Work to be completed
From the listing below, retype exactly the line holding "1.25-28.956 3.21.423 12.958", the line holding "1.023.27 2.003.345 2.874.333", and the lines between them; skip everything else.
☆ ☆ ☆ ☆ ☆ ☆ ☆
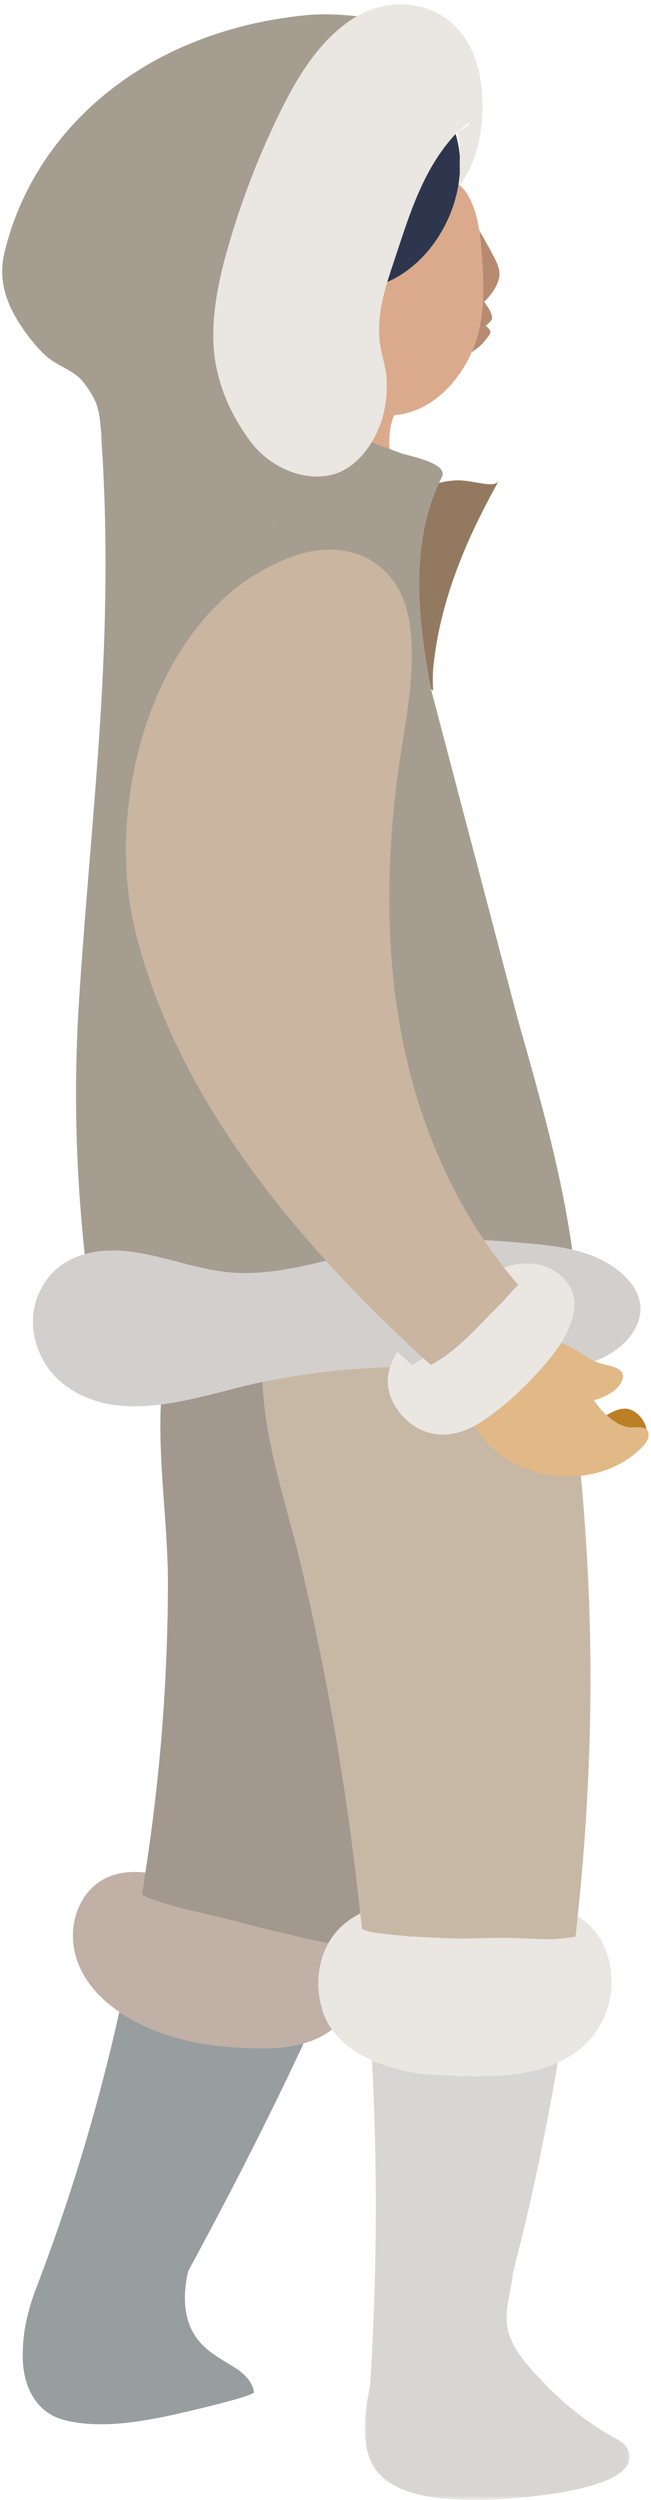 <svg width="140" height="537" viewBox="0 0 140 537" xmlns="http://www.w3.org/2000/svg" xmlns:xlink="http://www.w3.org/1999/xlink">
    <defs>
        <path id="748gfk8a9a" d="M0 0h56.934v94.418H0z"/>
    </defs>
    <g fill="none" fill-rule="evenodd">
        <path d="M131.71 276.43c-.091-.099-.187-.197-.281-.295-.033.054-.07.105-.105.159.131.04.258.09.387.136" fill="#F0F1F2"/>
        <path d="M69.842 433.157a17.27 17.27 0 0 1-.79-2.424c-1.062-4.134-.692-8.727 1.144-12.532.115-.24.242-.464.367-.69.015-.031.03-.062.048-.092l-1.918-.397c-3.462-.722-6.887-1.597-10.333-2.387-3.403-.78-6.76-1.736-10.151-2.57-3.404-.839-6.836-1.567-10.223-2.478a70.235 70.235 0 0 1-4.887-1.486 20.185 20.185 0 0 1-2.215-.9c-.125-.061-.25-.127-.375-.191.261-1.595.508-3.191.752-4.788-.114-.01-.229-.027-.343-.038-4.923-.469-9.481.74-12.541 4.945-2.534 3.483-3.254 8.133-2.27 12.329 1.266 5.39 5.069 9.638 9.553 12.692.796.542 1.61 1.05 2.439 1.517 6.511 3.662 13.936 5.474 21.344 6.01 5.164.372 10.887.613 15.852-.77 2.229-.62 4.298-1.573 6.096-2.993a14.414 14.414 0 0 1-1.55-2.757" fill="#C0B0A5"/>
        <path d="M64.544 335.323c-2.776-11.642-7.627-25.549-8.05-38.505-.092.02-.185.035-.278.055-6.632 1.378-14.188 3.853-21.62 4.805-.608 12.668 1.554 25.841 1.517 38.804a410.849 410.849 0 0 1-2.46 43.664 430.124 430.124 0 0 1-2.392 18.077c-.245 1.597-.491 3.192-.752 4.787.125.063.25.13.375.19.717.35 1.461.639 2.214.9a70.235 70.235 0 0 0 4.888 1.487c3.387.912 6.818 1.639 10.223 2.477 3.391.835 6.748 1.79 10.15 2.572 3.447.789 6.872 1.665 10.334 2.385.64.134 1.278.267 1.918.398a14.727 14.727 0 0 1 3.264-4.021A17.91 17.91 0 0 1 77.48 411c-2.696-25.469-6.996-50.767-12.935-75.677" fill="#A2988D"/>
        <path d="M124.242 411.5c-.158 1.496-.296 2.994-.467 4.49-.556.081-1.113.171-1.672.24-.982.12-1.968.217-2.956.276-1.027.062-2.055.025-3.08-.005-2.002-.062-4-.185-6-.222a166.226 166.226 0 0 0-5.981.018c-2.03.035-4.06.11-6.09.07-1.968-.038-3.934-.136-5.9-.24-.984-.051-1.969-.105-2.953-.153-.465-.022-.936-.019-1.398-.062-.462-.045-.92-.11-1.384-.146-1.513-.116-3.03-.29-4.537-.466-1.348-.157-2.755-.38-3.985-.99-.1-1.002-.222-2.003-.327-3.004l-.033-.305a17.846 17.846 0 0 0-3.604 2.397 14.693 14.693 0 0 0-3.265 4.022l-.047.09c-.124.227-.251.45-.367.69-1.836 3.805-2.205 8.398-1.145 12.533.213.828.46 1.644.79 2.425.414.978.94 1.896 1.55 2.756 1.756 2.468 4.234 4.436 6.942 5.828.54.276 1.091.536 1.65.783 4.241 1.876 9.009 2.903 13.568 3.15 8.252.447 18.414.966 26.389-2.638 1.927-.87 3.73-1.975 5.344-3.389 3.86-3.382 6.188-8.46 6.233-13.601.062-6.864-2.821-11.503-7.275-14.547" fill="#EAE6E2"/>
        <path d="M126.119 332.681c-.744-11.799-1.667-25.72-5.192-38.405-2.305.393-4.56.593-6.553.66a72.242 72.242 0 0 1-3.102.023c-8.597-.082-17.18-1.504-25.822-1.352-9.722.173-19.43 1.25-28.956 3.21.423 12.958 5.274 26.864 8.05 38.505 5.94 24.911 10.239 50.21 12.935 75.679l.203-.1c-.055.135-.113.27-.17.405.106 1.002.226 2.002.326 3.005 1.231.609 2.637.832 3.987.99 1.507.175 3.023.349 4.536.465.464.035.923.101 1.385.146.461.043.932.04 1.396.062.986.048 1.97.102 2.954.153 1.965.104 3.932.202 5.9.24 2.03.04 4.06-.035 6.09-.07 1.992-.036 3.987-.055 5.98-.018 2.002.037 4 .16 6 .222 1.027.03 2.054.067 3.08.005a47.64 47.64 0 0 0 2.958-.276c.559-.069 1.114-.159 1.672-.24.17-1.496.309-2.994.467-4.49 2.778-26.3 3.52-52.763 1.876-78.819" fill="#C7B8A5"/>
        <path d="M77.512 411.306c.057-.135.115-.27.17-.404l-.203.098.033.306" fill="#C7B8A5"/>
        <path d="m92.682 147.995.463.392c-.08-1.722-.125-3.447.054-5.193 1.474-14.368 7.111-27.458 14.08-39.939-.663 1.188-2.979.679-4.015.52-1.78-.275-3.448-.673-5.272-.588a16.897 16.897 0 0 0-3.583.563c-6.235 13.341-4.568 29.463-1.727 44.245" fill="#93795F"/>
        <path d="M103.82 65.038c.1-.082.2-.158.297-.246a4.795 4.795 0 0 1-.268-.5c-.012.249-.014.498-.03.746" fill="#B68B71"/>
        <path d="M107.406 59.05c.096-1.796-1.049-3.578-1.843-5.124-.403-.784-.855-1.484-1.258-2.259-.384-.74-.851-1.468-1.244-2.215.159 1.023.27 2.003.345 2.874.333 3.834.624 7.946.443 11.966.077.174.173.338.267.501.19-.17.374-.35.559-.537 1.264-1.282 2.63-3.344 2.73-5.205M104.117 64.793c-.097.087-.198.164-.298.246a37.057 37.057 0 0 1-.65 5.126c-.077.377-.177.743-.268 1.115-.086.357-.155.722-.256 1.072a26.242 26.242 0 0 1-1.2 3.294c.356-.214.72-.515.983-.701a8.348 8.348 0 0 0 1.821-1.748c.31-.395 1.182-1.313 1.215-1.824.028-.46-.517-1.035-1.008-1.395.434-.382.976-.783 1.242-1.275.255-.476.052-1.018-.113-1.487-.322-.911-.982-1.608-1.468-2.423" fill="#B68B71"/>
        <path d="M103.407 52.326a41.877 41.877 0 0 0-.347-2.873c-.54-3.46-1.677-7.436-4.156-9.663-.053.07-.1.147-.154.217.012-.107.016-.217.026-.325-.054-.044-.107-.09-.161-.133-1.413 8.94-7.287 17.545-15.337 21.032-1.222 4.078-2.104 8.295-1.662 12.552.28 2.69 1.273 5.223 1.482 7.943.01.123.006.245.013.368.163 2.586-.065 5.195-.73 7.702-.045.17-.073.343-.121.513a22.526 22.526 0 0 1-2.33 5.301c1.272.503 2.552.993 3.84 1.468-.163-2.751.082-5.19 1.011-7.248 7.636-.595 13.672-6.728 16.664-13.533a26.258 26.258 0 0 0 1.2-3.295c.1-.35.17-.715.256-1.072.091-.372.191-.739.267-1.116.337-1.666.546-3.383.651-5.126.016-.248.018-.498.03-.747.181-4.019-.11-8.13-.442-11.965" fill="#DBAA8C"/>
        <path d="M98.898 33.812a22.223 22.223 0 0 0-.704-4.29c-.02-.072-.04-.144-.057-.216-.028-.107-.091-.304-.162-.534-2.768 2.953-4.905 6.3-6.673 9.853-2.898 5.83-4.803 12.214-6.862 18.334a115.145 115.145 0 0 0-1.161 3.621c8.05-3.486 13.923-12.091 15.336-21.032.13-.817.221-1.635.275-2.454.002-.826-.012-1.65-.013-2.467 0-.272.012-.543.02-.815" fill="#2E364E"/>
        <path d="M21.978 94.114c.078.26.163.52.273.767.126-.275-.028-.602-.273-.767M21.51 94.025a.509.509 0 0 1 .277.004c-.001-.022-.002-.044-.005-.065-.09.02-.179.046-.272.061M21.823 93.473c-.033-.166-.079-.331-.1-.5.024.33.037.66.06.991l.088-.02c-.015-.157-.032-.32-.048-.47" fill="#A69D91"/>
        <path d="m21.871 93.944-.088.02.004.065c.033.01.065.019.098.033l-.014-.118M58.757 113.252c.063-.288.13-.577.192-.865-.204.249-.31.572-.192.865" fill="#A69D91"/>
        <path d="M58.95 112.387c-.063.288-.13.576-.193.864-.118-.292-.012-.615.192-.864m52.249 105.97c-7.441-1.134-14.752-2.862-21.85-5.317-27.425-9.482-56.603-41.792-48.738-72.738 1.46-5.742 5.158-11.199 10.65-13.38 1.012-.403 2.01-.699 2.996-.9 4.229-.862 8.49.101 12.335 1.922 7.707 3.648 14.095 9.465 20.39 15.106.548.492 1.105.976 1.66 1.464a232.822 232.822 0 0 0 4.04 3.481c-2.84-14.782-4.508-30.904 1.728-44.244.194-.418.39-.835.6-1.247 1.547-3.02-6.941-4.53-8.617-5.117-.879-.308-1.749-.637-2.621-.96a174.586 174.586 0 0 1-3.84-1.467c-2.125 3.513-5.284 6.448-9.28 7.163-3.06.548-6.217.029-9.08-1.218-2.765-1.203-5.258-3.083-7.126-5.35a16.917 16.917 0 0 1-.451-.572c-2.205-2.915-4.084-6.139-5.475-9.553a36.262 36.262 0 0 1-1.823-5.84 32.183 32.183 0 0 1-.732-5.051c-.5-8.336 1.552-16.5 3.97-24.404a175.258 175.258 0 0 1 9.074-23.485l.433-.91C63.4 17.47 68.284 8.79 76.247 3.796c.175-.11.355-.209.534-.312-3.8-.389-7.31-.583-11.15-.202a91.846 91.846 0 0 0-11.735 1.932C46.192 7.01 38.713 9.85 31.863 13.83c-.549.32-1.093.644-1.631.976-13.325 8.219-23.586 20.596-28.235 35.65a63.163 63.163 0 0 0-1 3.612c-1.634 6.63.738 12.224 4.63 17.52 1.3 1.77 2.704 3.493 4.355 4.948 2.507 2.21 6.088 3.002 8.122 5.774 3.241 4.415 3.179 5.813 3.718 11.164.033.153.051.31.093.46.017.061.045.12.063.18.245.165.398.492.272.767a6.996 6.996 0 0 1-.272-.767.82.82 0 0 0-.093-.05.497.497 0 0 0-.098-.035c1.453 20.858 1.023 41.682-.352 62.539-1.29 19.557-3.211 39.064-4.454 58.625-.916 14.415-.829 28.77.238 43.182.271 3.68.606 7.355.993 11.023.82-.23 1.661-.41 2.519-.535 7.847-1.153 15.542 1.953 23.315 3.609 2.102.448 4.213.796 6.331.918 4.756.27 9.406-.339 14.014-1.275 5.23-1.065 10.405-2.552 15.61-3.676 7.9-1.706 16.025-2.367 24.102-2.042a98.7 98.7 0 0 1 4.571.28c.057.005.115.007.173.013 4.724.42 9.557.664 14.199 1.739-2.339-16.96-7.205-33.613-11.848-50.072" fill="#A69D91"/>
        <path d="m21.916 93.934-.045.01.014.119c.03.015.063.03.093.051-.02-.062-.045-.118-.062-.18" fill="#A69D91"/>
        <path d="M21.916 93.934c-.042-.151-.062-.307-.093-.461l.048.471.045-.01" fill="#A69D91"/>
        <path d="M126.537 269.413a34.135 34.135 0 0 0-3.491-.984c-4.643-1.076-9.476-1.32-14.2-1.74-.057-.005-.115-.006-.172-.012a97.045 97.045 0 0 0-4.57-.28c-8.078-.325-16.202.336-24.103 2.042-5.205 1.124-10.378 2.611-15.61 3.676-4.608.936-9.258 1.546-14.014 1.275-2.118-.122-4.228-.47-6.331-.918-7.773-1.656-15.468-4.762-23.316-3.61-.857.126-1.698.307-2.518.536-4.186 1.17-7.796 3.744-9.871 8.433-2.97 6.713-.444 14.95 5.24 19.395 6.164 4.821 13.526 5.41 21.015 4.451 7.433-.95 14.988-3.427 21.62-4.805.093-.018.187-.034.279-.055a157.617 157.617 0 0 1 28.956-3.209c8.641-.154 17.225 1.269 25.822 1.35 1.033.011 2.067.011 3.102-.023a48.958 48.958 0 0 0 6.552-.66c6.414-1.094 13.224-3.721 15.92-9.401 3.528-7.43-4.174-13.328-10.31-15.461" fill="#D2CFCC"/>
        <g transform="translate(78.46 442.526)">
            <mask id="ybg0l5r3cb" fill="#fff">
                <use xlink:href="#748gfk8a9a"/>
            </mask>
            <path d="M56.508 83.506c-.54-1.14-1.73-1.795-2.832-2.407a63.461 63.461 0 0 1-15.082-11.71c-2.822-2.966-5.86-6.068-7.37-9.955-1.787-4.6.182-9.138.62-13.701A536.821 536.821 0 0 0 41.48.511C33.505 4.116 23.343 3.597 15.09 3.15 10.53 2.902 5.763 1.876 1.523 0a596.314 596.314 0 0 1-.422 70.237c-.023.1-.055.198-.076.3-1.073 5.159-1.991 12.264.994 16.93 1.447 2.26 3.793 3.825 6.29 4.795 5.199 2.02 10.882 2.107 16.373 2.157 4.548.039 36.27-1.506 31.826-10.913" fill="#D8D6D4" mask="url(#ybg0l5r3cb)"/>
        </g>
        <path d="M50.44 508.511c-3.718-2.329-7.293-4.045-9.285-8.22-1.647-3.453-1.631-7.39-.969-11.089.085-.479.194-.953.303-1.428 8.734-16.04 17.069-32.317 24.806-48.867-4.965 1.384-10.688 1.142-15.852.769-7.408-.535-14.833-2.347-21.345-6.01a33.713 33.713 0 0 1-2.438-1.517 424.15 424.15 0 0 1-18.005 59.673c-1.33 3.46-2.746 8.553-2.744 13.305-.304 6.347 2.213 13 8.97 14.7 7.25 1.824 15.51.53 22.711-.999 1.603-.341 18.187-4.093 18.039-5.035-.36-2.294-2.227-4.052-4.19-5.282" fill="#989DA0"/>
        <path d="M98.75 40.007c.055-.07.101-.146.155-.217-.042-.037-.087-.07-.13-.108-.009.108-.012.218-.025.325M98.89 37.094c.07-1.099.082-2.195.008-3.282-.01.272-.02.543-.02.815 0 .817.014 1.641.012 2.467" fill="#EAE6E2"/>
        <path d="M103.432 17.81c-.83-6.444-4.085-12.639-10.203-15.382C87.958.064 81.735.605 76.781 3.484c-.178.103-.359.202-.534.312C68.284 8.79 63.4 17.47 59.441 25.74l-.433.91a175.263 175.263 0 0 0-9.075 23.485c-2.417 7.903-4.468 16.068-3.969 24.404.103 1.703.363 3.389.732 5.05a36.148 36.148 0 0 0 1.823 5.84c1.391 3.415 3.27 6.64 5.475 9.554.146.194.296.385.45.572 1.87 2.267 4.362 4.147 7.127 5.35 2.863 1.247 6.02 1.766 9.08 1.218 3.996-.715 7.154-3.65 9.28-7.163a22.521 22.521 0 0 0 2.328-5.302c.049-.168.077-.342.123-.512.664-2.506.892-5.116.729-7.701-.007-.123-.003-.246-.013-.37-.21-2.718-1.202-5.253-1.482-7.942-.443-4.257.44-8.474 1.663-12.553.366-1.22.76-2.43 1.16-3.621 2.06-6.12 3.965-12.504 6.864-18.334 1.767-3.553 3.905-6.9 6.673-9.852.021-.023.04-.047.062-.07.835-.886 1.775-1.565 2.752-2.26a.646.646 0 0 1-.153.481l-2.239 1.502c.08.29.207.83.265 1.223.125.86.13 1.709.215 2.587.05.524.036 1.05.02 1.576a25.124 25.124 0 0 1-.008 3.282 28.417 28.417 0 0 1-.115 2.589c.043.036.088.07.13.107 4.483-6.037 5.465-14.7 4.527-21.98" fill="#EAE6E2"/>
        <path fill="#A69D91" d="m92.682 147.995 18.516 70.362-46.34 8.281-25.547-46.373-8.802-54.484 12.144-13.394 40.626 13.315z"/>
        <path d="M135.999 306.62c.957-.018 2.336-.212 3.034.425-.338-2.207-2.46-4.462-4.604-4.48-1.019-.006-2.007.35-2.919.804-.366.182-.72.38-1.067.59 1.612 1.51 3.557 2.7 5.556 2.661" fill="#BB7F25"/>
        <path d="M138.089 310.834c.686-.705 1.35-1.544 1.383-2.528.02-.607-.154-1.002-.44-1.262-.697-.635-2.076-.442-3.033-.424-2 .04-3.944-1.15-5.555-2.66-1.07-1-1.993-2.138-2.687-3.156l-.04-.061a12.24 12.24 0 0 0 3.511-1.461c.826-.51 1.605-1.134 2.126-1.954 1.997-3.138-1.267-3.768-3.585-4.307-3.2-.742-5.693-3.343-8.724-4.432-.128-.046-.254-.096-.386-.137a33.942 33.942 0 0 1-2.137 2.988 63.739 63.739 0 0 1-2.055 2.451 82.95 82.95 0 0 1-1.682 1.847c-3.311 3.539-6.959 6.79-10.989 9.475a19.743 19.743 0 0 1-1.678 1.01c6.695 12.355 26.134 14.7 35.97 4.611" fill="#E1B987"/>
        <path d="M114.785 295.738a77.906 77.906 0 0 0 1.681-1.847 62.066 62.066 0 0 0 2.056-2.451 34.095 34.095 0 0 0 2.138-2.987l.104-.16c1.338-2.151 2.36-4.473 2.712-7.028.574-4.13-2.122-7.678-5.9-9.117-4.229-1.61-8.38-.504-12.222 1.401.67.818 1.338 1.638 2.037 2.426a34.19 34.19 0 0 0-1.528 1.598c-.804.89-1.583 1.804-2.427 2.657-.865.876-1.746 1.734-2.606 2.616-1.776 1.819-3.535 3.658-5.414 5.372-1.887 1.722-3.9 3.312-6.118 4.586-.24.138-.493.244-.738.368-1.03-.934-2.056-1.879-3.083-2.83-1.66 2.667-2.668 5.625-1.726 8.867.967 3.33 3.512 6.327 6.635 7.819 3.987 1.905 8.071 1.179 11.733-.804a20.547 20.547 0 0 0 1.676-1.011c4.032-2.685 7.68-5.936 10.99-9.475" fill="#EAE6E2"/>
        <path d="M99.47 288.218c1.879-1.714 3.637-3.553 5.413-5.372.86-.882 1.742-1.74 2.607-2.616.843-.853 1.622-1.767 2.425-2.657.49-.542.999-1.082 1.53-1.598-.698-.788-1.367-1.608-2.036-2.426-2.868-3.512-5.478-7.26-7.826-11.087-7.303-11.897-12.238-25.204-14.973-38.882-3.648-18.246-3.578-37.161-1.267-55.622l.079-.604a234.1 234.1 0 0 1 .743-5.29c.111-.73.217-1.461.333-2.19 1.341-8.358 2.78-16.889 1.684-25.364-.545-4.23-2.034-8.346-5.04-11.45a17.679 17.679 0 0 0-2.371-2.044c-4.798-3.46-11.373-3.637-16.982-1.772-30.23 10.055-41.62 52.12-34.786 80.39 1.77 7.316 4.262 14.421 7.325 21.315 11.786 26.531 32.13 49.858 53.202 69.393 1.026.951 2.055 1.896 3.083 2.83.246-.124.498-.23.737-.368 2.218-1.274 4.232-2.864 6.12-4.586" fill="#C9B5A0"/>
    </g>
</svg>
☆ ☆ ☆ ☆ ☆ ☆ ☆
Answer to the exercise
        <path d="M126.119 332.681c-.744-11.799-1.667-25.72-5.192-38.405-2.305.393-4.56.593-6.553.66a72.242 72.242 0 0 1-3.102.023c-8.597-.082-17.18-1.504-25.822-1.352-9.722.173-19.43 1.25-28.956 3.21.423 12.958 5.274 26.864 8.05 38.505 5.94 24.911 10.239 50.21 12.935 75.679l.203-.1c-.055.135-.113.27-.17.405.106 1.002.226 2.002.326 3.005 1.231.609 2.637.832 3.987.99 1.507.175 3.023.349 4.536.465.464.035.923.101 1.385.146.461.043.932.04 1.396.062.986.048 1.97.102 2.954.153 1.965.104 3.932.202 5.9.24 2.03.04 4.06-.035 6.09-.07 1.992-.036 3.987-.055 5.98-.018 2.002.037 4 .16 6 .222 1.027.03 2.054.067 3.08.005a47.64 47.64 0 0 0 2.958-.276c.559-.069 1.114-.159 1.672-.24.17-1.496.309-2.994.467-4.49 2.778-26.3 3.52-52.763 1.876-78.819" fill="#C7B8A5"/>
        <path d="M77.512 411.306c.057-.135.115-.27.17-.404l-.203.098.033.306" fill="#C7B8A5"/>
        <path d="m92.682 147.995.463.392c-.08-1.722-.125-3.447.054-5.193 1.474-14.368 7.111-27.458 14.08-39.939-.663 1.188-2.979.679-4.015.52-1.78-.275-3.448-.673-5.272-.588a16.897 16.897 0 0 0-3.583.563c-6.235 13.341-4.568 29.463-1.727 44.245" fill="#93795F"/>
        <path d="M103.82 65.038c.1-.082.2-.158.297-.246a4.795 4.795 0 0 1-.268-.5c-.012.249-.014.498-.03.746" fill="#B68B71"/>
        <path d="M107.406 59.05c.096-1.796-1.049-3.578-1.843-5.124-.403-.784-.855-1.484-1.258-2.259-.384-.74-.851-1.468-1.244-2.215.159 1.023.27 2.003.345 2.874.333 3.834.624 7.946.443 11.966.077.174.173.338.267.501.19-.17.374-.35.559-.537 1.264-1.282 2.63-3.344 2.73-5.205M104.117 64.793c-.097.087-.198.164-.298.246a37.057 37.057 0 0 1-.65 5.126c-.077.377-.177.743-.268 1.115-.086.357-.155.722-.256 1.072a26.242 26.242 0 0 1-1.2 3.294c.356-.214.72-.515.983-.701a8.348 8.348 0 0 0 1.821-1.748c.31-.395 1.182-1.313 1.215-1.824.028-.46-.517-1.035-1.008-1.395.434-.382.976-.783 1.242-1.275.255-.476.052-1.018-.113-1.487-.322-.911-.982-1.608-1.468-2.423" fill="#B68B71"/>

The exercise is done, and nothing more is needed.